WHAT TO WORK ON:
Set down each line of the material that follows exactly, and leave its pictures out.

LISTED ENTRIES:
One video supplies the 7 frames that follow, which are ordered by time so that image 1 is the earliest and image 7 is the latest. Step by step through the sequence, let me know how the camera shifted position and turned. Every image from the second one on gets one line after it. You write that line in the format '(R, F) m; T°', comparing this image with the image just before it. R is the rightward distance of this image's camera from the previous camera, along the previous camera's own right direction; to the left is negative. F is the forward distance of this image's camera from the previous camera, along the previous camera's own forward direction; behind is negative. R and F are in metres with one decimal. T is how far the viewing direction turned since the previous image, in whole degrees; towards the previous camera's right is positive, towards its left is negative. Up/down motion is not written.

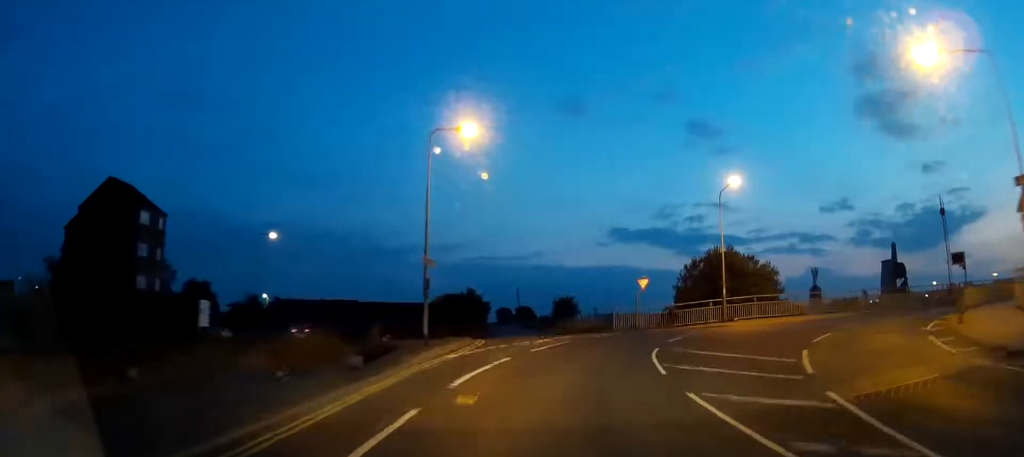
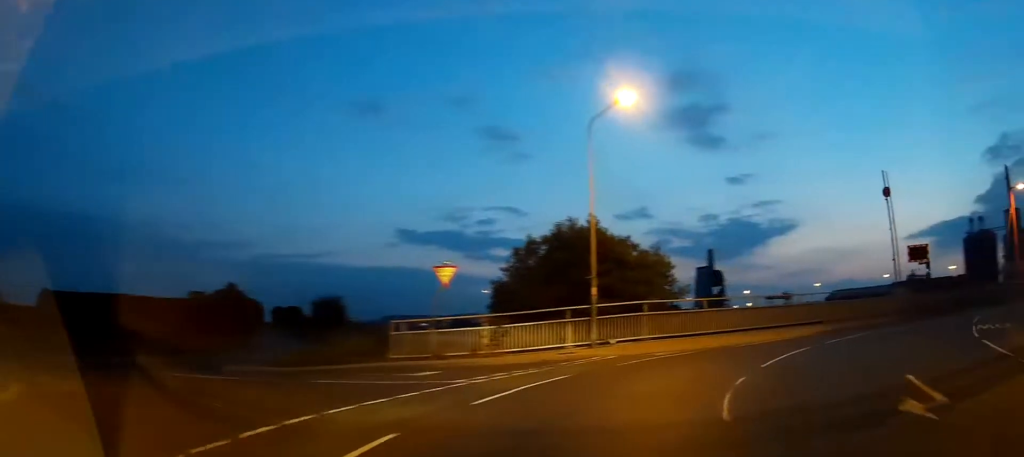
(+1.8, +18.9) m; +8°
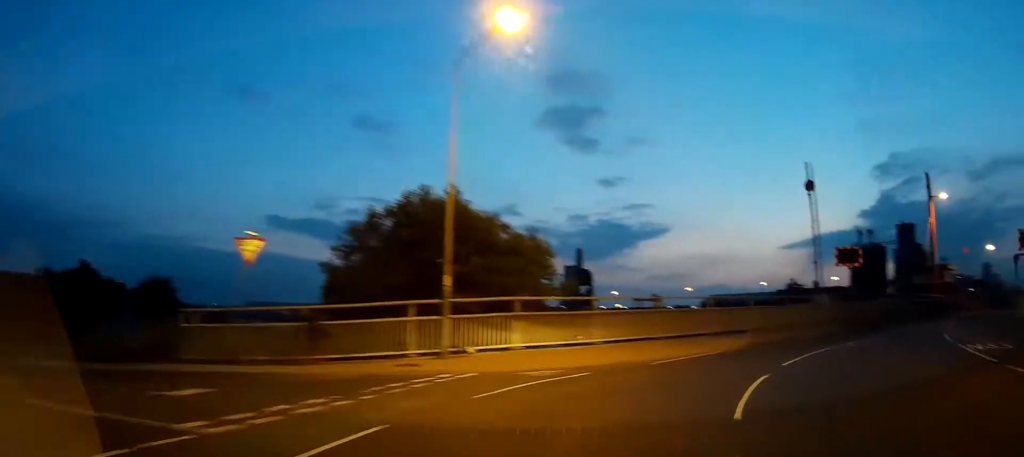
(+0.1, +6.2) m; +12°
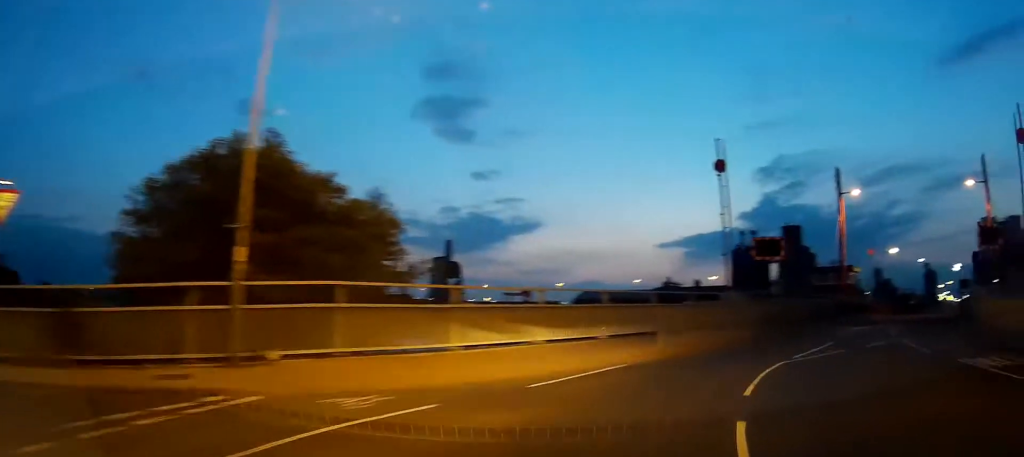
(-0.4, +5.0) m; +13°
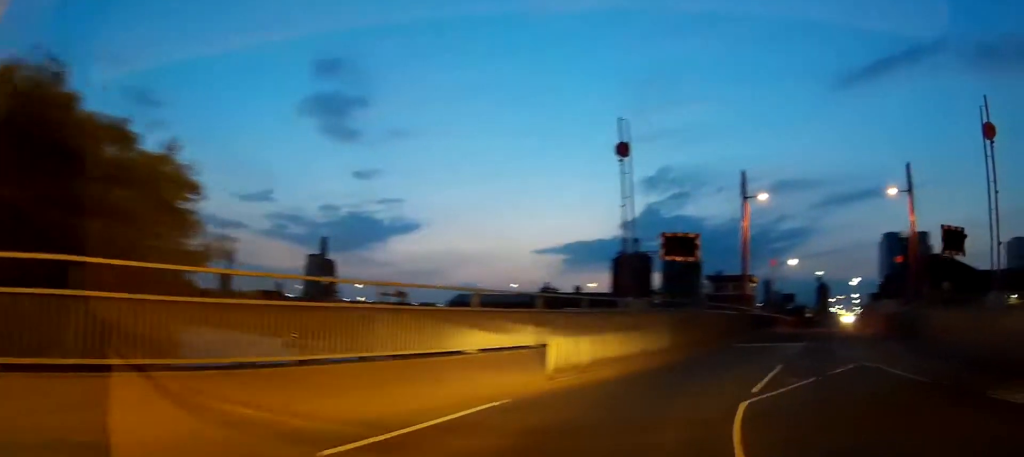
(+1.6, +4.1) m; +11°
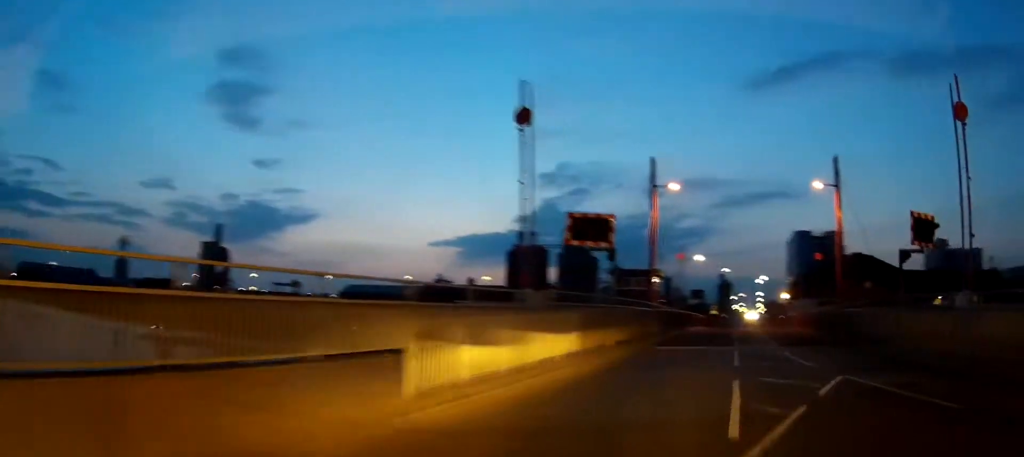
(+0.6, +3.5) m; +9°
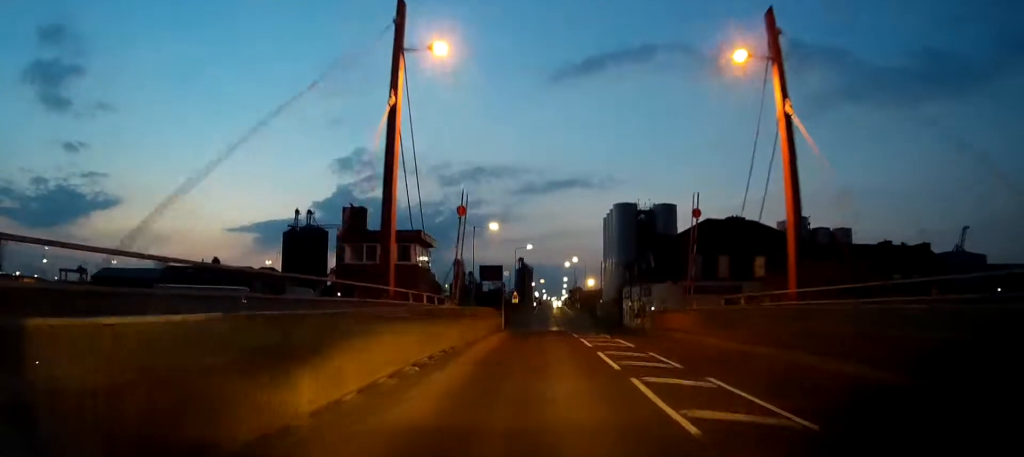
(+3.0, +18.5) m; +19°

TASK OUTPUT:
One video supplies the 7 frames that follow, which are ordered by time so that image 1 is the earliest and image 7 is the latest. Step by step through the sequence, let me know how the camera shifted position and turned. Every image from the second one on gets one line after it. You write that line in the format '(R, F) m; T°', comparing this image with the image just before it. R is the rightward distance of this image's camera from the previous camera, along the previous camera's own right direction; to the left is negative. F is the forward distance of this image's camera from the previous camera, along the previous camera's own forward direction; behind is negative. R and F are in metres with one decimal. T is how far the viewing direction turned since the previous image, in whole degrees; towards the previous camera's right is positive, towards its left is negative. Up/down motion is not written.

(+1.8, +18.9) m; +8°
(+0.1, +6.2) m; +12°
(-0.4, +5.0) m; +13°
(+1.6, +4.1) m; +11°
(+0.6, +3.5) m; +9°
(+3.0, +18.5) m; +19°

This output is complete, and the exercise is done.